My way of roleplaying is to take part of me, drop it into the world-fantasy and have at it.

I don't think what might be historical, I believe our archetypal memories will take care of making too many blunders in the setting. I don't think how my character might react in a situation- I just do.

I have seen actors of both sexes say they do the same thing- although they do have to remember their lines or they're sunk for acting in any professional role lol. Other actors spend months researching their role, others sit there and go over and over and over their role, working out every nuance of how they will perform.
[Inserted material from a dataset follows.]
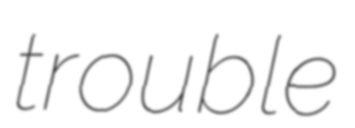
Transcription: trouble

I feel both the latter ways to be way beyond my ability or should I say personality- I could never study in school either but managed to graduate with a BS and honors. And I did NOT seduce the teacher(s) *blushes and laughs*, although come to think of it.... Mr. Johst, he woulda been, ahhh nevermind.

My history once developed- starts with a French father (who disappeared) and a Pirate mother- who raised me. That is all the premesis I really need to rock and roll in the game, react to situations, laugh, cry, scream and do all those things I do. The rest falls into place.

So- for the newcomer to rp? Do what best suits your methodology. Jump in. Give it a try. If someone says that's not historically accurate- growl at em, spit and slit their throats with your blade or throw them in chains and deliver them to the Magistrate or whatever strikes your fancy, then go have some more fun.